Problem description: Restate the full set of records exactly, word for word.
* * *
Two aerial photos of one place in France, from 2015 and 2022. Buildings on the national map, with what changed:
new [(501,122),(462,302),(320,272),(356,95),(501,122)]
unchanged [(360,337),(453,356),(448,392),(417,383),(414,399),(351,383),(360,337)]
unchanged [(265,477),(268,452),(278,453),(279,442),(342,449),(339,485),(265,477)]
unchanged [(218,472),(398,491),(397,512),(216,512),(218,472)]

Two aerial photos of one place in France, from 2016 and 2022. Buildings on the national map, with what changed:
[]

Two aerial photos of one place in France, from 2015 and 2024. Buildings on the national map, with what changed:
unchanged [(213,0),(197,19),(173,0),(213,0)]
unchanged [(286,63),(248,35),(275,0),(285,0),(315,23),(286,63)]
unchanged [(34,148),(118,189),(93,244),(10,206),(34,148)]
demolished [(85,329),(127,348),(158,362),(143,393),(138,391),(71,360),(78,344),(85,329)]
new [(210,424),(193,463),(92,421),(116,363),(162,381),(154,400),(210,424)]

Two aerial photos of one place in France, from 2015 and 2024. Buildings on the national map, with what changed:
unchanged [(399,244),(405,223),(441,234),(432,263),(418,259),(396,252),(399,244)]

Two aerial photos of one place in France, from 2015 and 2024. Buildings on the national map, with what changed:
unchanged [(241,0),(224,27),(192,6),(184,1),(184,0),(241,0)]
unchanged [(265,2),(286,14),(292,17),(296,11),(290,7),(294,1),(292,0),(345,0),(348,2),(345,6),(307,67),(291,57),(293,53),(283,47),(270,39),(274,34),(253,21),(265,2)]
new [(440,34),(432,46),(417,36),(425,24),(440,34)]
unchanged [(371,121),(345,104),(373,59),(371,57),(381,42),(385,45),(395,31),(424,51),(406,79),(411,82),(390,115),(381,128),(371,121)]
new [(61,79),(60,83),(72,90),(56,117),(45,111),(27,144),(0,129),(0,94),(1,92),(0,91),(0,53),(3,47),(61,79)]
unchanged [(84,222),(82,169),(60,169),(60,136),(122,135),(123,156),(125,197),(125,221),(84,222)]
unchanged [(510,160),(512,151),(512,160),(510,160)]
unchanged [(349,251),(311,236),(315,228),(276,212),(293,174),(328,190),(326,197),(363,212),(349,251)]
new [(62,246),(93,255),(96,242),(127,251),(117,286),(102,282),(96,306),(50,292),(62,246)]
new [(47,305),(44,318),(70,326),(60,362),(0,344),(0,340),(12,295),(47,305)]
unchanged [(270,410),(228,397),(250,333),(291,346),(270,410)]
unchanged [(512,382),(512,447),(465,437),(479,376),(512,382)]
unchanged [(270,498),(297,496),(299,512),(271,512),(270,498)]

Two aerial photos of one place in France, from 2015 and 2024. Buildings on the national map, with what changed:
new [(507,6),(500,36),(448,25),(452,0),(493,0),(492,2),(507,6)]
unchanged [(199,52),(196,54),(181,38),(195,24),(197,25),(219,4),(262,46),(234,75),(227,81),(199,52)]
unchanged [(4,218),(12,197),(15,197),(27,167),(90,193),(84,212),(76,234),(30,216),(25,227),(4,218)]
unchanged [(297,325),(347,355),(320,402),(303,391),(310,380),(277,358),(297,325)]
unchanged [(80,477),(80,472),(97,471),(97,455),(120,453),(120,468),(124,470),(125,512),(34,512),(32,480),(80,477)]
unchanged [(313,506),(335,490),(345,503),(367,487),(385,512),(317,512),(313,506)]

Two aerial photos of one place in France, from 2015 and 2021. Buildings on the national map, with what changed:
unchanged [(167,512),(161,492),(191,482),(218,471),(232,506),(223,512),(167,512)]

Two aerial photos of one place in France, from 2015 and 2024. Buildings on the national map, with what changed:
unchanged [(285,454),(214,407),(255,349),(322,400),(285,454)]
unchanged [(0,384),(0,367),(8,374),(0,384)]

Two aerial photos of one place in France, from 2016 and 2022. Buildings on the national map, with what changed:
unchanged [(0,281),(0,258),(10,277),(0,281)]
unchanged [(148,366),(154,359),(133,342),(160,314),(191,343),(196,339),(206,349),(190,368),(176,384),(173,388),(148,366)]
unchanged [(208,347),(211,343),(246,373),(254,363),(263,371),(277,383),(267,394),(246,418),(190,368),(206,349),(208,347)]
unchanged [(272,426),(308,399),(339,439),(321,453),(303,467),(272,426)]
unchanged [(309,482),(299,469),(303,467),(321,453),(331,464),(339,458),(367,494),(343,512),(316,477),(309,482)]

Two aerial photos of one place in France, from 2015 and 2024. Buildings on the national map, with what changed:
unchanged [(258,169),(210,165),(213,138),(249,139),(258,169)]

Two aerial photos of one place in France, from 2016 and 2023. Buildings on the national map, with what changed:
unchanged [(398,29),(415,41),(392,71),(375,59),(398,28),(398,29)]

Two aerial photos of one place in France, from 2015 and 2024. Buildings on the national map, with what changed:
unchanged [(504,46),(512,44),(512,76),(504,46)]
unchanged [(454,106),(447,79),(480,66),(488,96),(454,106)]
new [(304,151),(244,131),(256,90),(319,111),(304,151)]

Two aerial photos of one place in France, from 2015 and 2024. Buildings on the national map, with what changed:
* * *
Task result:
Two aerial photos of one place in France, from 2015 and 2022. Buildings on the national map, with what changed:
new [(501,122),(462,302),(320,272),(356,95),(501,122)]
unchanged [(360,337),(453,356),(448,392),(417,383),(414,399),(351,383),(360,337)]
unchanged [(265,477),(268,452),(278,453),(279,442),(342,449),(339,485),(265,477)]
unchanged [(218,472),(398,491),(397,512),(216,512),(218,472)]

Two aerial photos of one place in France, from 2016 and 2022. Buildings on the national map, with what changed:
[]

Two aerial photos of one place in France, from 2015 and 2024. Buildings on the national map, with what changed:
unchanged [(213,0),(197,19),(173,0),(213,0)]
unchanged [(286,63),(248,35),(275,0),(285,0),(315,23),(286,63)]
unchanged [(34,148),(118,189),(93,244),(10,206),(34,148)]
demolished [(85,329),(127,348),(158,362),(143,393),(138,391),(71,360),(78,344),(85,329)]
new [(210,424),(193,463),(92,421),(116,363),(162,381),(154,400),(210,424)]

Two aerial photos of one place in France, from 2015 and 2024. Buildings on the national map, with what changed:
unchanged [(399,244),(405,223),(441,234),(432,263),(418,259),(396,252),(399,244)]

Two aerial photos of one place in France, from 2015 and 2024. Buildings on the national map, with what changed:
unchanged [(241,0),(224,27),(192,6),(184,1),(184,0),(241,0)]
unchanged [(265,2),(286,14),(292,17),(296,11),(290,7),(294,1),(292,0),(345,0),(348,2),(345,6),(307,67),(291,57),(293,53),(283,47),(270,39),(274,34),(253,21),(265,2)]
new [(440,34),(432,46),(417,36),(425,24),(440,34)]
unchanged [(371,121),(345,104),(373,59),(371,57),(381,42),(385,45),(395,31),(424,51),(406,79),(411,82),(390,115),(381,128),(371,121)]
new [(61,79),(60,83),(72,90),(56,117),(45,111),(27,144),(0,129),(0,94),(1,92),(0,91),(0,53),(3,47),(61,79)]
unchanged [(84,222),(82,169),(60,169),(60,136),(122,135),(123,156),(125,197),(125,221),(84,222)]
unchanged [(510,160),(512,151),(512,160),(510,160)]
unchanged [(349,251),(311,236),(315,228),(276,212),(293,174),(328,190),(326,197),(363,212),(349,251)]
new [(62,246),(93,255),(96,242),(127,251),(117,286),(102,282),(96,306),(50,292),(62,246)]
new [(47,305),(44,318),(70,326),(60,362),(0,344),(0,340),(12,295),(47,305)]
unchanged [(270,410),(228,397),(250,333),(291,346),(270,410)]
unchanged [(512,382),(512,447),(465,437),(479,376),(512,382)]
unchanged [(270,498),(297,496),(299,512),(271,512),(270,498)]

Two aerial photos of one place in France, from 2015 and 2024. Buildings on the national map, with what changed:
new [(507,6),(500,36),(448,25),(452,0),(493,0),(492,2),(507,6)]
unchanged [(199,52),(196,54),(181,38),(195,24),(197,25),(219,4),(262,46),(234,75),(227,81),(199,52)]
unchanged [(4,218),(12,197),(15,197),(27,167),(90,193),(84,212),(76,234),(30,216),(25,227),(4,218)]
unchanged [(297,325),(347,355),(320,402),(303,391),(310,380),(277,358),(297,325)]
unchanged [(80,477),(80,472),(97,471),(97,455),(120,453),(120,468),(124,470),(125,512),(34,512),(32,480),(80,477)]
unchanged [(313,506),(335,490),(345,503),(367,487),(385,512),(317,512),(313,506)]

Two aerial photos of one place in France, from 2015 and 2021. Buildings on the national map, with what changed:
unchanged [(167,512),(161,492),(191,482),(218,471),(232,506),(223,512),(167,512)]

Two aerial photos of one place in France, from 2015 and 2024. Buildings on the national map, with what changed:
unchanged [(285,454),(214,407),(255,349),(322,400),(285,454)]
unchanged [(0,384),(0,367),(8,374),(0,384)]

Two aerial photos of one place in France, from 2016 and 2022. Buildings on the national map, with what changed:
unchanged [(0,281),(0,258),(10,277),(0,281)]
unchanged [(148,366),(154,359),(133,342),(160,314),(191,343),(196,339),(206,349),(190,368),(176,384),(173,388),(148,366)]
unchanged [(208,347),(211,343),(246,373),(254,363),(263,371),(277,383),(267,394),(246,418),(190,368),(206,349),(208,347)]
unchanged [(272,426),(308,399),(339,439),(321,453),(303,467),(272,426)]
unchanged [(309,482),(299,469),(303,467),(321,453),(331,464),(339,458),(367,494),(343,512),(316,477),(309,482)]

Two aerial photos of one place in France, from 2015 and 2024. Buildings on the national map, with what changed:
unchanged [(258,169),(210,165),(213,138),(249,139),(258,169)]

Two aerial photos of one place in France, from 2016 and 2023. Buildings on the national map, with what changed:
unchanged [(398,29),(415,41),(392,71),(375,59),(398,28),(398,29)]

Two aerial photos of one place in France, from 2015 and 2024. Buildings on the national map, with what changed:
unchanged [(504,46),(512,44),(512,76),(504,46)]
unchanged [(454,106),(447,79),(480,66),(488,96),(454,106)]
new [(304,151),(244,131),(256,90),(319,111),(304,151)]

Two aerial photos of one place in France, from 2015 and 2024. Buildings on the national map, with what changed:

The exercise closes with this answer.